1. Die Paketzerstücklung habe ich schon im Netzwerkanalyse-Tool von Microsoft gesehen
2. Ich finde bei soap-stone keine Optionen, wo man ein andere Ip-Adresse + Port angeben kann weder bei Server noch bei Client.

3. TrxSys ist ein Synonym für ein Transaktionssystem.


----------



## tuxedo (29. Okt 2008)

1) Prima
2) Siehe meinen letzten Post
3) Schön. Ein tolles Wort, dieses "Transaktionssystem". Was dahinter steckt und ob es ggf. einer norm folgt, steht leider noch nicht in diesem Thread. 
4) Java an sich ist nicht schuld für Zerstückelungen und langsame Übertragung von Paketen in deinem "TrxSys" Fall. Entweder die Implementierung ist schlecht (ob C oder Java Seite sei mal dahingestellt), oder, was von einer schlechten Implementierung eigentlich eingeschlossen ist, die Adaption von Datentypen von Java auf C und umgekehrt ist schlecht. 

Gruß
Alex


----------



## saez (29. Okt 2008)

Danke für die Info. Ich hab das Ding auf Rechnern laufen lassen. Ergebnis:

-8MB in 719Sekunden, durchschn. Datenrate: 89Mbit/s (die Rechner sind nur mit 100Mbit verkabelt).

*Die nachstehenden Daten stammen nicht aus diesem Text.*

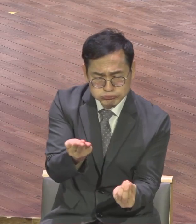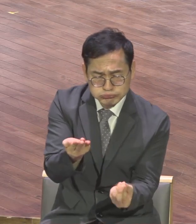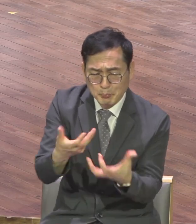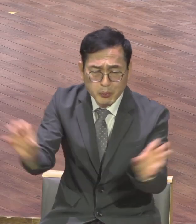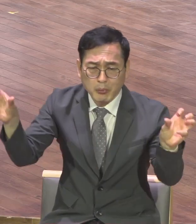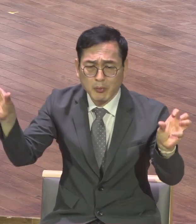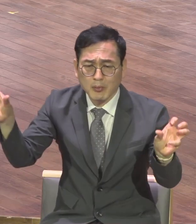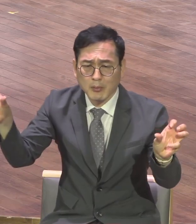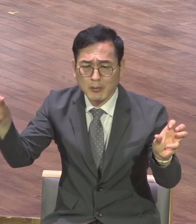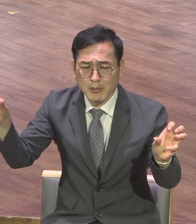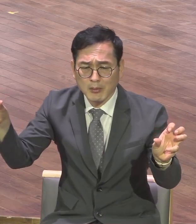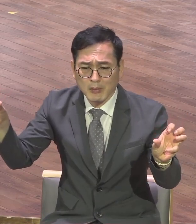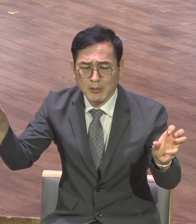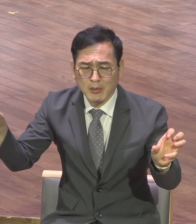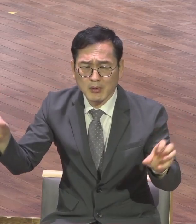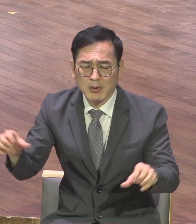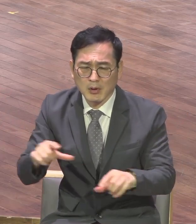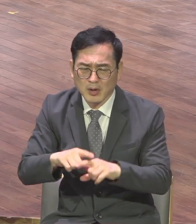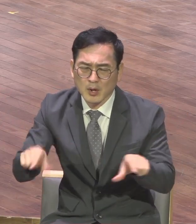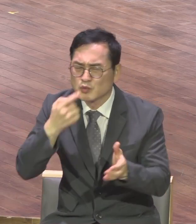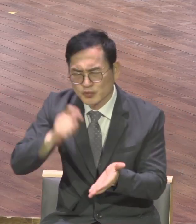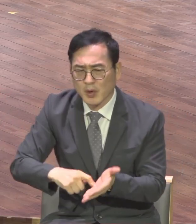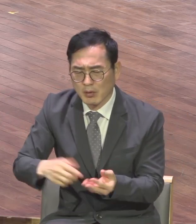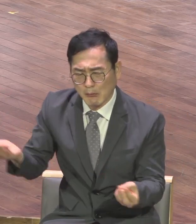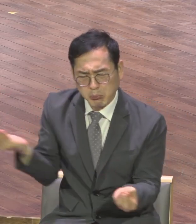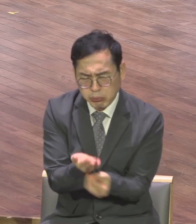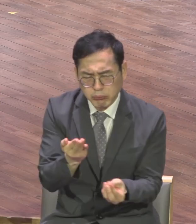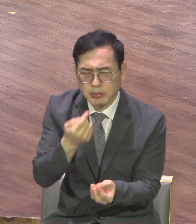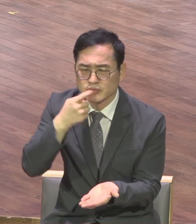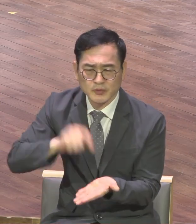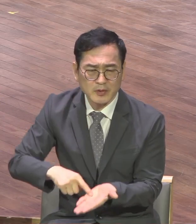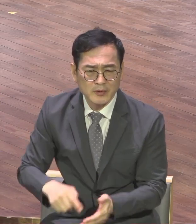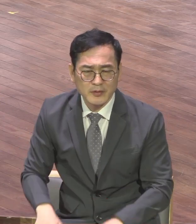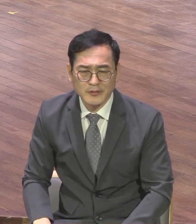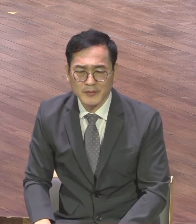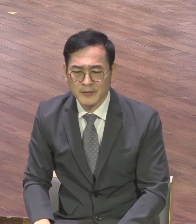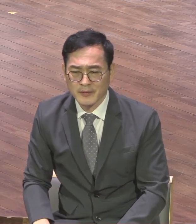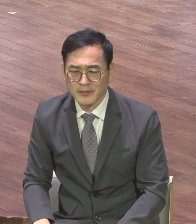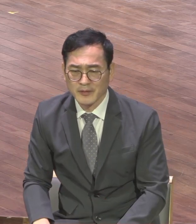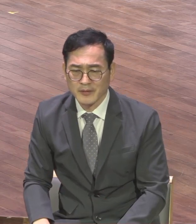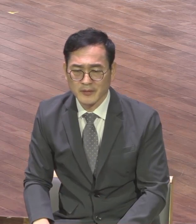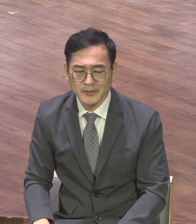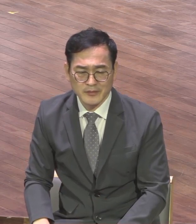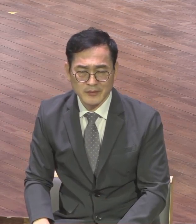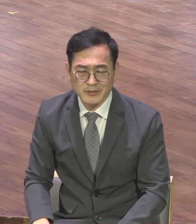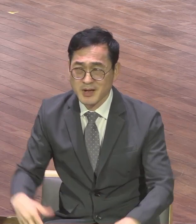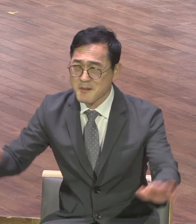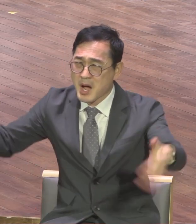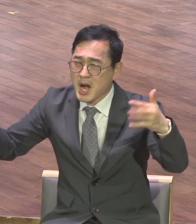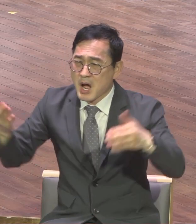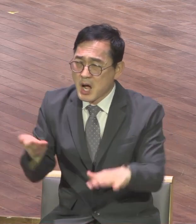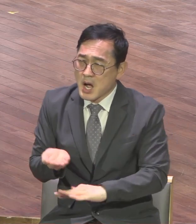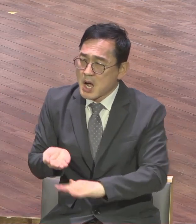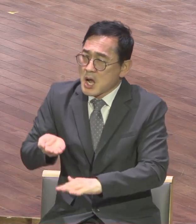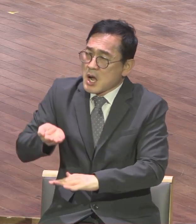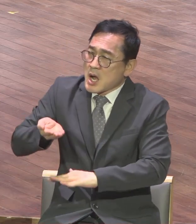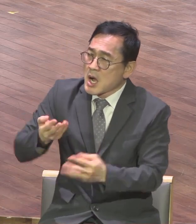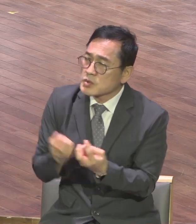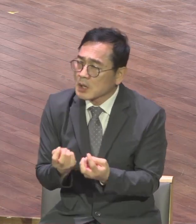수술이었어요 본문 14줄로 19절에 보면 이 광풍을 넘어서기 위해서 선장과

Also über 10 Minuten für 8MB find ich doch etwas viel oder?


----------



## tuxedo (29. Okt 2008)

>> durchschn. Datenrate: 89Mbit/s

Das sind ganz grob 9MegaByte/Sekunde. Was willst du mehr? Bei 100Mbit ist das vollkommen normal.

"8MB in 719 Sekunden" passt rechnerisch gar nicht zu den 89Mbit/s ... Poste doch mal exakt die Ausgabe des Clients .....

- Alex


----------



## saez (29. Okt 2008)

D:\Bin\Soap-Stone>java -jar soap-stone-full-0.952.jar client -server svr1 -pro
tocol raw -size 8mb
soap-stone: Plugin 'http' loaded from .\plugins\http-plugin.jar
soap-stone: Plugin 'soap' loaded from .\plugins\jwsdp-plugin.jar
soap-stone: Plugin 'raw' loaded from .\plugins\raw-plugin.jar
soap-stone: Plugin 'rmi' loaded from .\plugins\rmi-plugin.jar
soap-stone Client: command-line: soap-stone client -server fpsrt2 -protocol raw
-size 8mb
soap-stone Client: connecting to control socket: svr1/10.2.20.215:8001
..........
soap-stone Client: size=8388608 bytes buffers=100 avg=88,85 Mbit/sec min=87,85 M
bit/sec max=89,28 Mbit/sec

prefixes=java.runtime.,java.version.,java.vm.,os.,soap-stone. suppress=java.vm.s
pecification
done in 720941 ms

Mittlerweile hat ein Registry-Eintrag im Windows Server 2003 erhebliche Verbesserung gebracht:
"TcpAckFrequency = 1"


Die angesprochene Paketstückelung gibt es jedoch weiterhin.


----------



## tuxedo (29. Okt 2008)

Die Zeitangabe "done in..." gibt nicht an, dass es SOLANGE gedauert hat lediglich 8MB zu übertragen. Sie gibt an "SOLANGE hat der Test gedauert". 

Von daher seh ich kein Problem darin. Die Ergebnisdaten (avg=88,85 Mbit/sec min=87,85 Mbit/sec max=89,28 Mbit/sec) sehen ja gut aus.

Und damit wäre bewiesen, dass Java allein keine Schuld trifft.

- Alex


----------



## Murray (29. Okt 2008)

Wenn der Java-Server aber wirklich so kleine Pakete verschickt, dann sollte man vielleicht mal einen Blick auf die Implementierung werfen. Kannst Du die relevanten Sourcen posten?


----------